Hypoxia is a common feature of various pathological conditions including tissue ischemia, inflammation, and solid tumors [13]. miR-210 is the miRNA most frequently associated with tumor hypoxia, and recent studies have demonstrated that miR-210 is highly upregulated in hypoxic cells [14]. The stem-loop of miR-210 is located in an intron of a noncoding RNA, which is transcribed from AK123483 on chromosome 11p15.5 [15]. It plays important roles in cell survival and tumor initiation. By a microarray analysis, miR-210 has been identified as the predominant miR induced by hypoxia in pancreatic cancer cell lines as its induction was dependent on HIF-1α which regulates miR-210 by directly binding to a hypoxia responsive element on the proximal miR-210 promoter [16]. Recent studies have found that the expression of miR-210 is also upregulated in many other cancers including head and neck cancer, glioblastoma, breast cancer, non-small-cell lung cancer, malignant melanoma, prostate cancer, renal cell carcinoma, and osteosarcomas [1720]. It functions either as a diagnostic factor or as a prognostic marker. From a diagnostic standpoint, Wang et al. [21] reported that the expression level of miR-210 was distinctly increased in the serum from patients with diffuse large B-cell lymphoma and in the plasma of pancreatic cancer patients. From a prognostic standpoint, Rothe et al. [22] found that miR-210 was significantly associated with poor clinical outcome in ER-positive, tamoxifen-treated breast cancer patients. Greither et al. [23] indicated that miR-210 might be a strong potential biomarker of prognosis in a gender-specific manner in soft-tissue sarcoma. Gee et al. [24] reported that high levels of miR-210 were associated with locoregional disease recurrence and short overall survival in patients with head and neck cancer.
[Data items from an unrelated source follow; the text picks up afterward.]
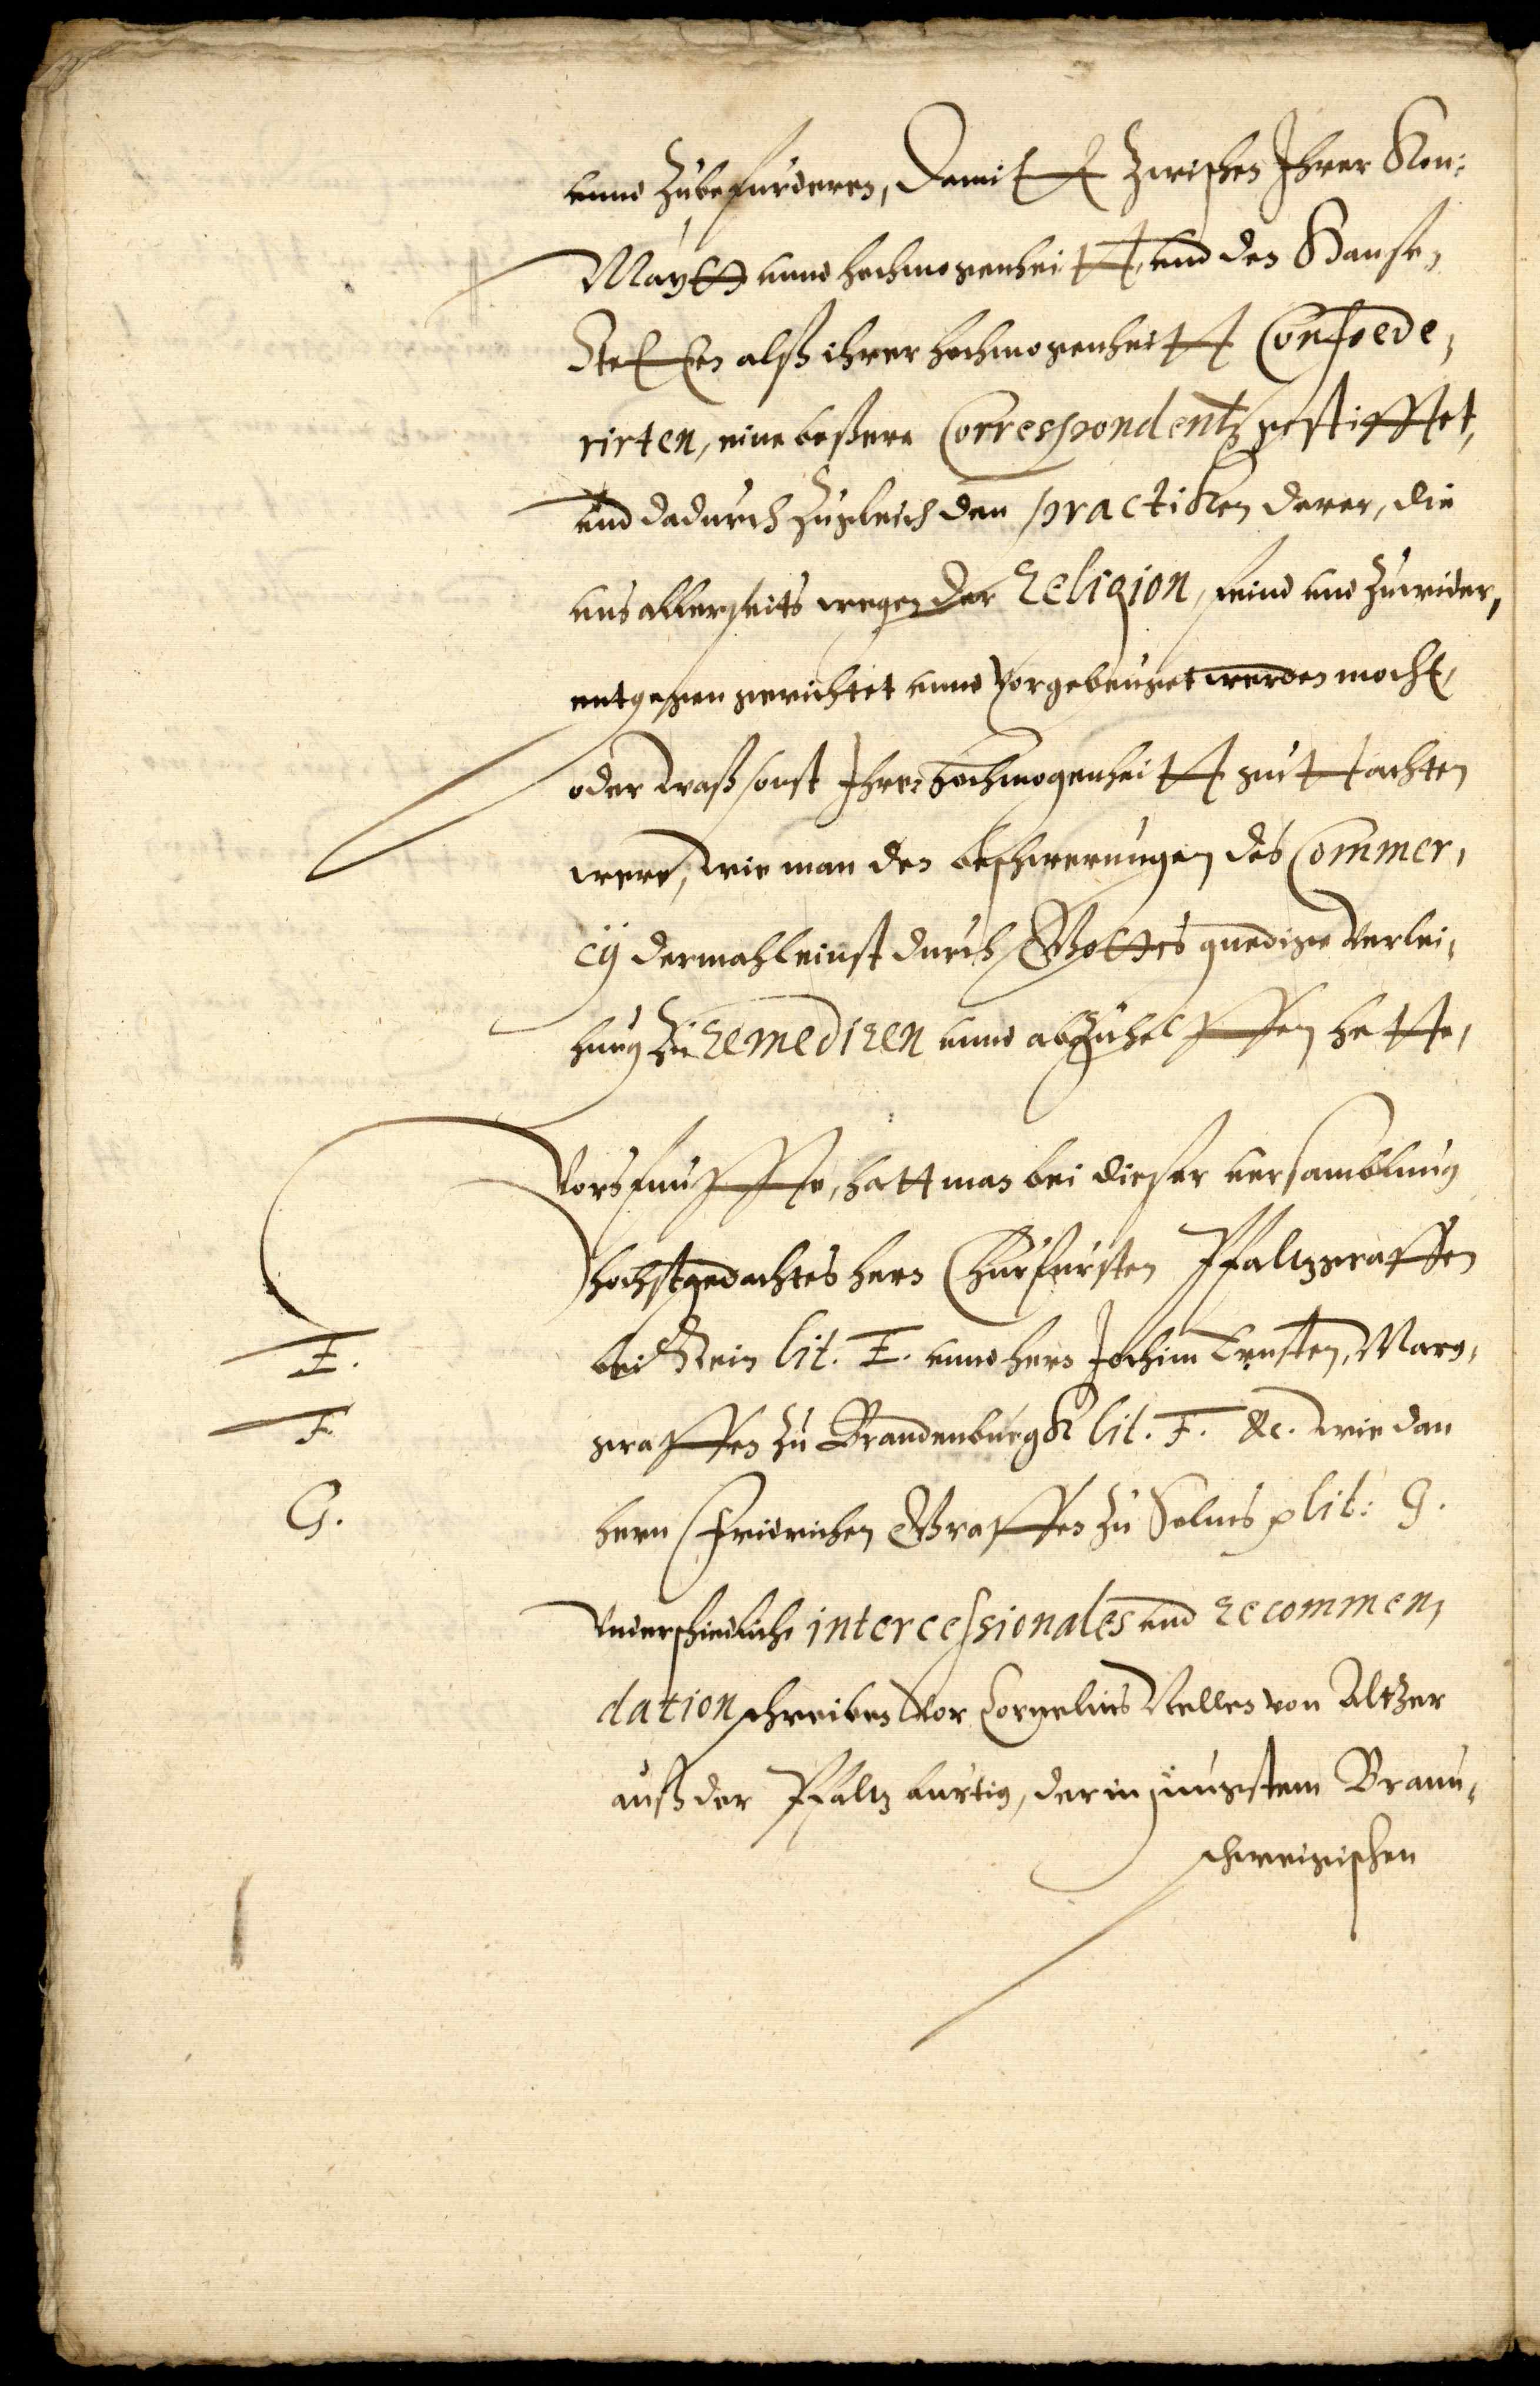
vnnd zubefurderen, damitt zwischen Ihrer Kon:
Maytt vnnd hochmogenheitt, vnd den Hanse¬
Stetten alß ihrer hochmogenheitt Confoede¬
rirten, eine beßere Corrrespondentz gestifftet,
vnd dadurch zugleich den practiken derer, die
vns allerseits wegen der religion, feind vnd zuwider,
entgegen gewichtet vnnd vorgebeuget werden mocht,
oder waß sonst Jhrer hochmogenheitt guttachten
were, wie man den beschwerungen des Commer¬
cij dermahl einst durch Gottes gnedigen verlei¬
hung zu remediren vnnd abzuhelffen hette,
Vors funffte, hatt man bei dieser versamblung
hochstgedachtes hern Churfursten Pfaltzgraffen
bei Rein lit. E. vnnd herrn Jochim Ernsten, Marg¬,
graffen zu Brandenburgk lit. F. &c. wie dan
hern Fridrichen Graffen zu Solms p lit: G.
vnderschiedliche intercessionales vnd recommen¬
dation schreiben vor Cornelies Nellen von Altzer
auß der Pfaltz burtig, der in jungstem Braun¬
schweigischen
E.
F.
G.
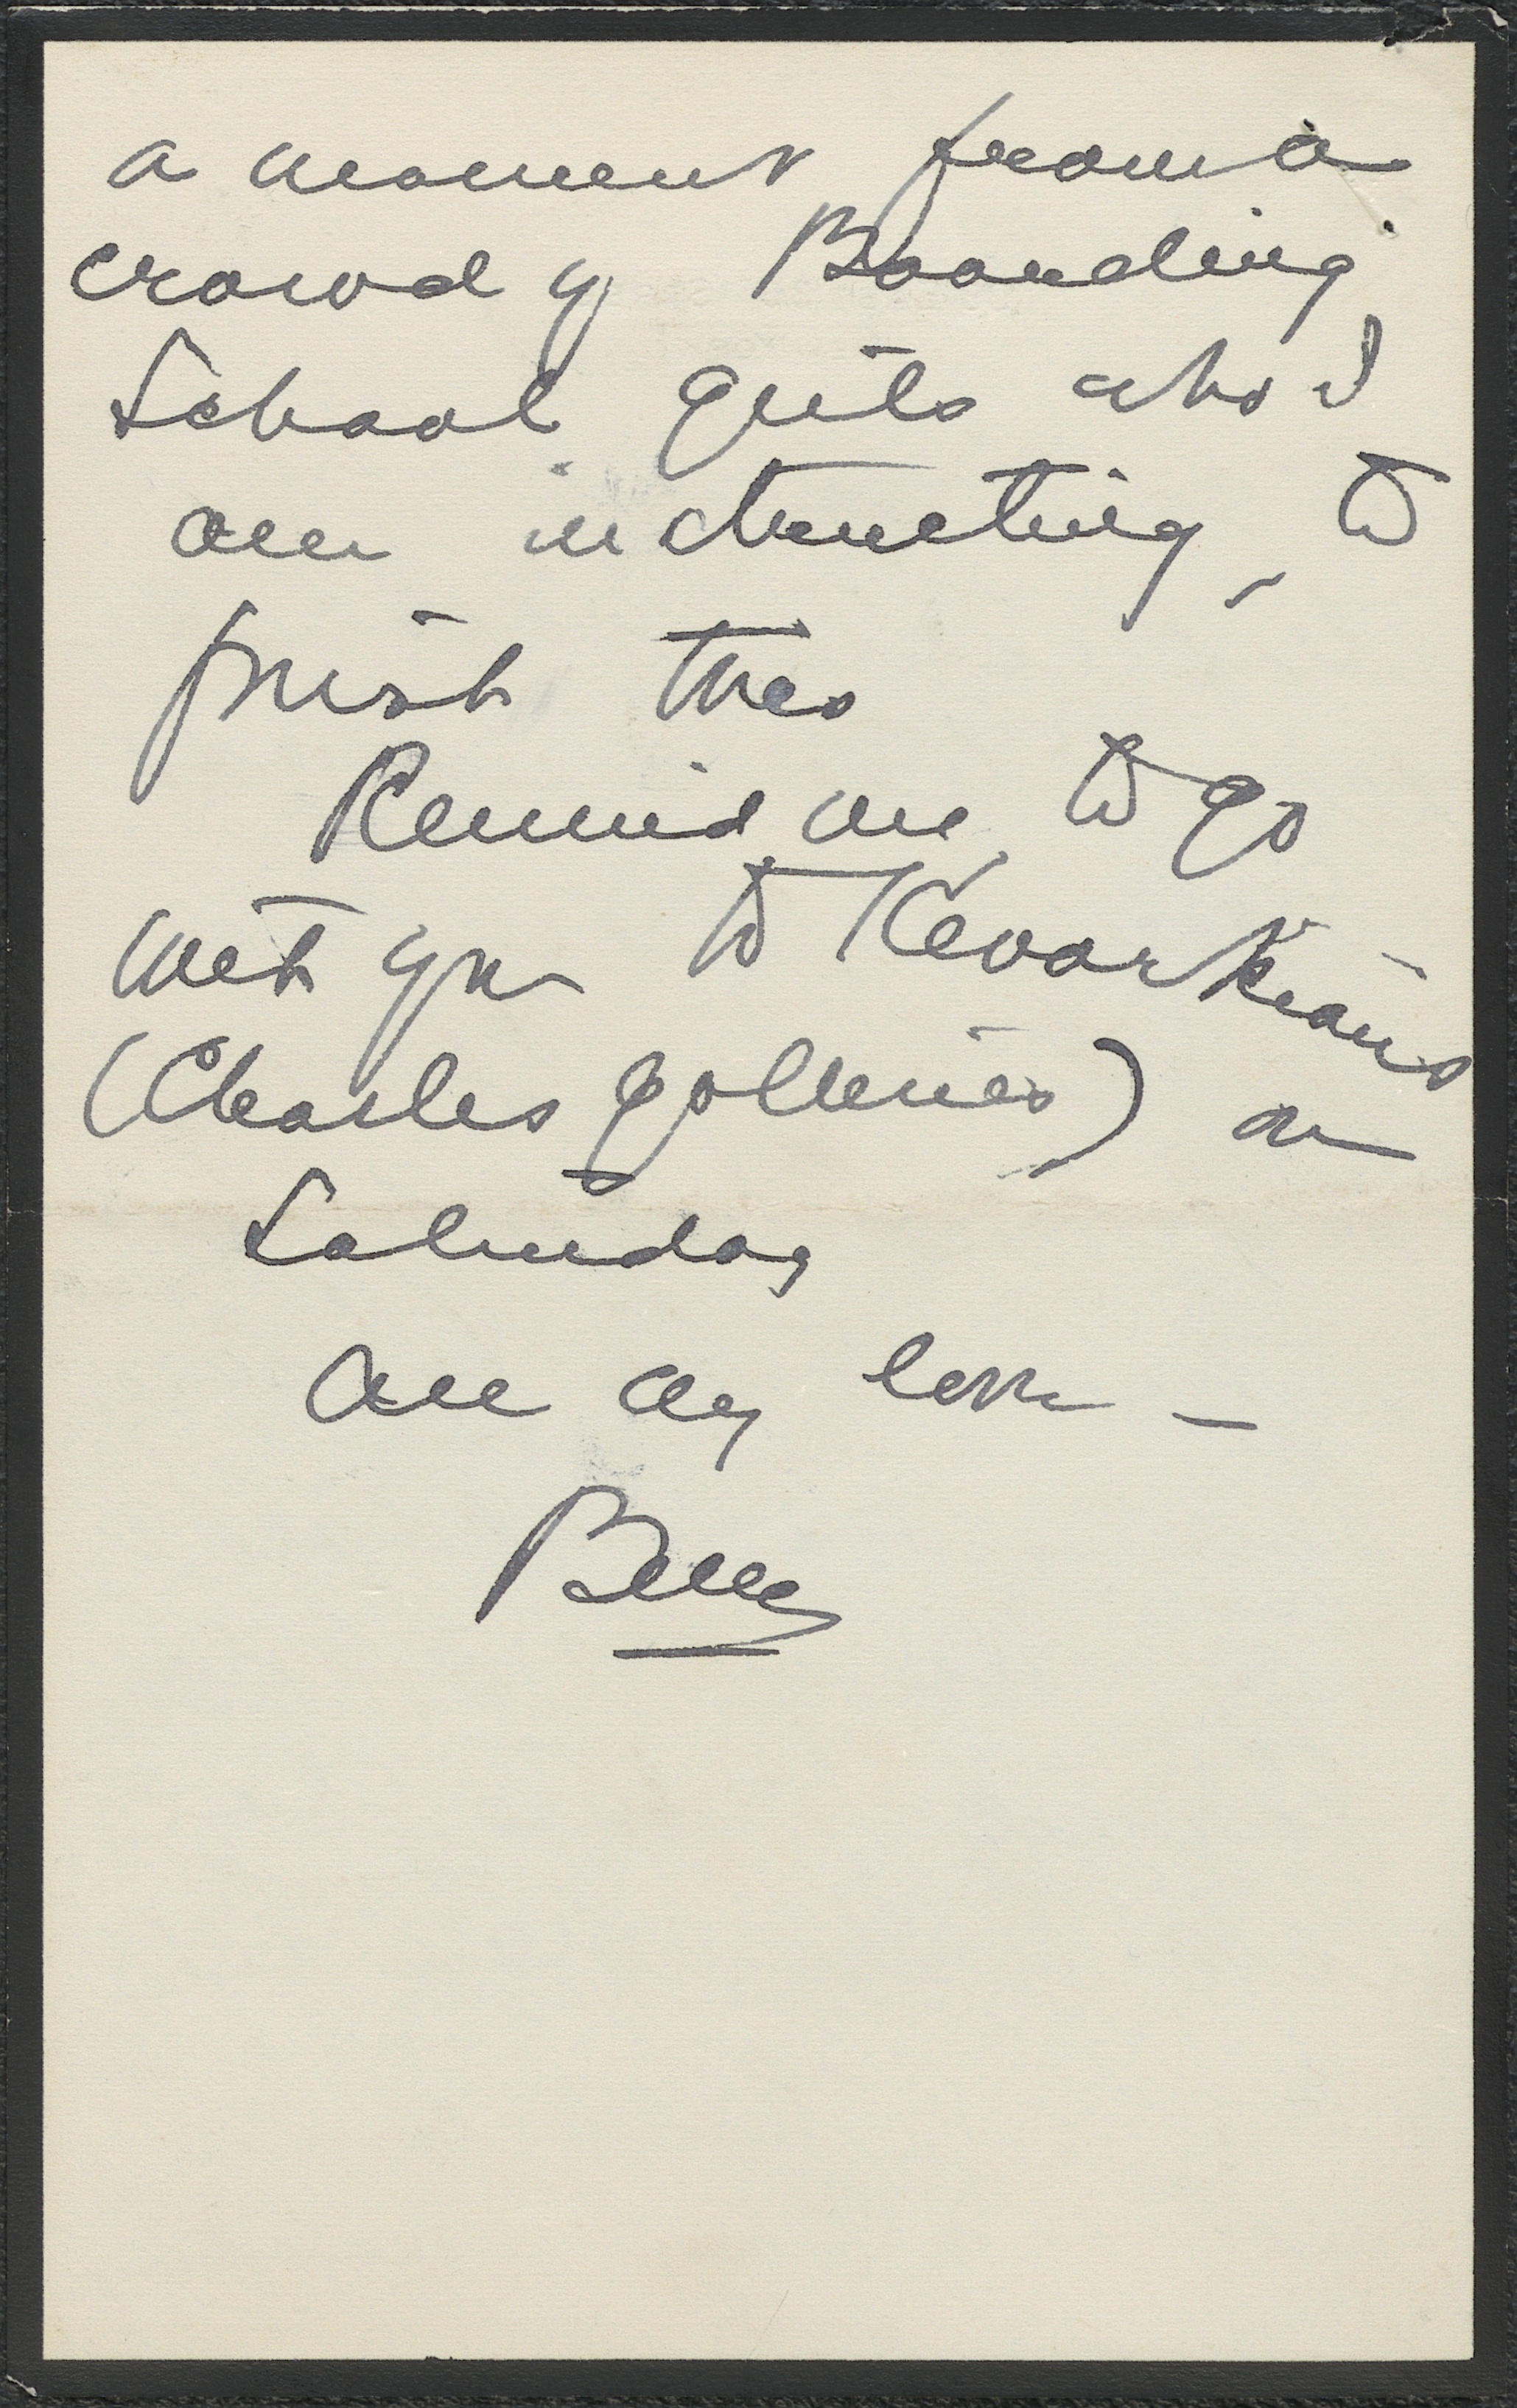a moment from a crowd of Boarding School girls who I am instructing, to finish this
Remind me to go with you to Kevorkian’s (Charles galleries) on Saturday
All my love –
Belle

According to the publication referenced above, there is no report concerning the involvement of miR-210 in pediatric osteosarcoma. The interesting aspect of our study is the association of miR-210 upregulation with the advanced tumor progression and unfavorable prognosis in pediatric osteosarcoma. However, the current study was limited by its retrospective nature which led to our results being considered exploratory. Then, the tumor sample size was relatively smaller. Further experimental validation using a large number of tumor samples should be performed.

In conclusion, these findings suggested that miR-210 upregulation showed a strong correlation with tumor aggressive progression of pediatric osteosarcoma and could help prognostic screening of patients with this malignancy. This study is hypothesis generating, and that further prospective analysis should be worth doing.